Your data may be transferred to and processed in countries outside the European Economic Area (EEA). We ensure adequate protection through:

  • Standard Contractual Clauses (SCCs) with service providers
  • Processing by providers with adequate data protection certifications
  • Your explicit consent where required

10. Cookies and Tracking

We use cookies for:

  • Necessary: Authentication, security, basic functionality
  • Analytics: Understanding how you use our platform (with consent)
  • Preferences: Remembering your settings

You can manage cookie preferences through the cookie banner or your browser settings.

11. Children's Privacy

FirstImpression is not intended for users under 16 years of age. We do not knowingly collect personal information from children. If you believe we have collected data from a child, please contact us immediately.

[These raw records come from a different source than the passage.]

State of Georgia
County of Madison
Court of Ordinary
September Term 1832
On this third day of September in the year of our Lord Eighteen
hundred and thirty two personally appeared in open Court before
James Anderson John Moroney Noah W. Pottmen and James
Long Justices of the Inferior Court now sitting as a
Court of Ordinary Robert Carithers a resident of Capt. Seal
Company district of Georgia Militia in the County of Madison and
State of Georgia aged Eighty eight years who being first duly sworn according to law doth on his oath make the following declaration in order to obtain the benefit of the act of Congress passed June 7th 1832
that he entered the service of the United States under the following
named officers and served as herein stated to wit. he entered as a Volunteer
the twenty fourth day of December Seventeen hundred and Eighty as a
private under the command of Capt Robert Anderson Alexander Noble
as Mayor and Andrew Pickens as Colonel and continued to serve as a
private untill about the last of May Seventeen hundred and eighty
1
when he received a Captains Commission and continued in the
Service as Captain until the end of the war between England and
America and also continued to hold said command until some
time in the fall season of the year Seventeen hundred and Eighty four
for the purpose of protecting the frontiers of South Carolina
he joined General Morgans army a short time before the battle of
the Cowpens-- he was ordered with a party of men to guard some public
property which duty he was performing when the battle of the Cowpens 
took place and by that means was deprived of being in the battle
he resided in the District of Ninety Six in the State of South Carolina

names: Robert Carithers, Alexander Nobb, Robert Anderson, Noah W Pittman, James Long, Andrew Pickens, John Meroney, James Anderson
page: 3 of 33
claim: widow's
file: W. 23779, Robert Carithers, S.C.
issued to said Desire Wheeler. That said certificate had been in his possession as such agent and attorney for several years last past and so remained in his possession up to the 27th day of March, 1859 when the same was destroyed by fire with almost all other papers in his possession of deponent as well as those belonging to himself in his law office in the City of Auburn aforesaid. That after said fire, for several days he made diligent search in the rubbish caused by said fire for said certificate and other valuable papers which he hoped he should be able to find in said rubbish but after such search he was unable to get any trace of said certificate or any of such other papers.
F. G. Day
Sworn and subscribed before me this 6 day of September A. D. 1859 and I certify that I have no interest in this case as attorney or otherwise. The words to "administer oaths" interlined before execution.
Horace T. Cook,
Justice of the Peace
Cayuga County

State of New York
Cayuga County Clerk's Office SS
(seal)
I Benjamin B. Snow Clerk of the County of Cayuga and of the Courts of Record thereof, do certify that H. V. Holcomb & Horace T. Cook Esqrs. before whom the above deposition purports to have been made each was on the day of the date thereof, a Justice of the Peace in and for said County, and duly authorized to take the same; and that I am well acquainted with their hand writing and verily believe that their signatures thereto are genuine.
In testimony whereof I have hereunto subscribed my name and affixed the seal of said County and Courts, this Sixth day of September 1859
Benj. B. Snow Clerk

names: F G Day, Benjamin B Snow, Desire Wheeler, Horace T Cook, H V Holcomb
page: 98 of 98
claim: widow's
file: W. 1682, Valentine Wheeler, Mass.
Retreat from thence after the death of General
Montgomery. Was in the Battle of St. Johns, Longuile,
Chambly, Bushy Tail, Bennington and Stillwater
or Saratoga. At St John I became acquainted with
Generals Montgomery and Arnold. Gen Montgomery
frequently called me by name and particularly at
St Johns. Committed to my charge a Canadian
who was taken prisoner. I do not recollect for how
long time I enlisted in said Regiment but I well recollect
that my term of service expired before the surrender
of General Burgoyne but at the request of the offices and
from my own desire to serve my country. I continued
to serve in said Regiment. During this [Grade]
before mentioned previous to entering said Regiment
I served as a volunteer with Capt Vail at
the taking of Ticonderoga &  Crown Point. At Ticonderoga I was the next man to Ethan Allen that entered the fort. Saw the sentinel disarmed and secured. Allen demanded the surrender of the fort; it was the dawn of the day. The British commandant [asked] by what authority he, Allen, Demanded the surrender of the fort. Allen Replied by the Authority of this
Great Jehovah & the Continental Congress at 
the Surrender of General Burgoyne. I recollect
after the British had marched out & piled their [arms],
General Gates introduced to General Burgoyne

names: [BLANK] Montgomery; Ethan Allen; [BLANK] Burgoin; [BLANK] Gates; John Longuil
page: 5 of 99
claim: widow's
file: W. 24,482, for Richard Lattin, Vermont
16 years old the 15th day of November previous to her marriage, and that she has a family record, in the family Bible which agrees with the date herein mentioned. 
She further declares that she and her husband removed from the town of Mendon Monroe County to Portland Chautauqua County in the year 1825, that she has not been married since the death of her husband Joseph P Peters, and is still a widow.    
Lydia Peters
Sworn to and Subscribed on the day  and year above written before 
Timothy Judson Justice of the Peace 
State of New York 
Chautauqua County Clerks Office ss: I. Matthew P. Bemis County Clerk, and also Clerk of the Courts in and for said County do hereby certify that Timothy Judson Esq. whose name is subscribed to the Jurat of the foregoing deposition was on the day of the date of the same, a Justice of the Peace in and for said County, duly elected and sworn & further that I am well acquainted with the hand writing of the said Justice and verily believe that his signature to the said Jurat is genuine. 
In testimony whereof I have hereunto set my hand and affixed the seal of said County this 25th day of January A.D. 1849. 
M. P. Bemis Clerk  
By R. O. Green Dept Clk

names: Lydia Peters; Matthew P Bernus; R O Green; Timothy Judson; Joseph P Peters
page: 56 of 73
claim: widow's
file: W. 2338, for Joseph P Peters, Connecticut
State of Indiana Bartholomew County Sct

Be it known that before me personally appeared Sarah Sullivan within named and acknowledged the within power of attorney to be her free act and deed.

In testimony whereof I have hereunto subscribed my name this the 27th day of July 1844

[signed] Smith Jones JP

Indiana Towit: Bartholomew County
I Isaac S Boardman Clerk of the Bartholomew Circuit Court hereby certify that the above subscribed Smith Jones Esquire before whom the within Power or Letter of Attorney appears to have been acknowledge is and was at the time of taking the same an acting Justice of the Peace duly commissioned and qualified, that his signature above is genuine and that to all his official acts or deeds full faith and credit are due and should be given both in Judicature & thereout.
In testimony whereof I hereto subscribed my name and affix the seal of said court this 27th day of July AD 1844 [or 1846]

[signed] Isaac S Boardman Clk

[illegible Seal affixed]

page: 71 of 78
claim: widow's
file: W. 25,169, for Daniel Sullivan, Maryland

12. Changes to This Policy

We may update this Privacy Policy periodically. We will notify you of significant changes via email or through a notice on our platform. Continued use after changes constitutes acceptance.

13. Contact Us

For privacy-related questions or to exercise your rights:

Email: privacy@firstimpression.you
Data Protection Officer: dpo@firstimpression.you

You also have the right to lodge a complaint with your local data protection authority.

By using FirstImpression, you acknowledge that you have read and understood this Privacy Policy.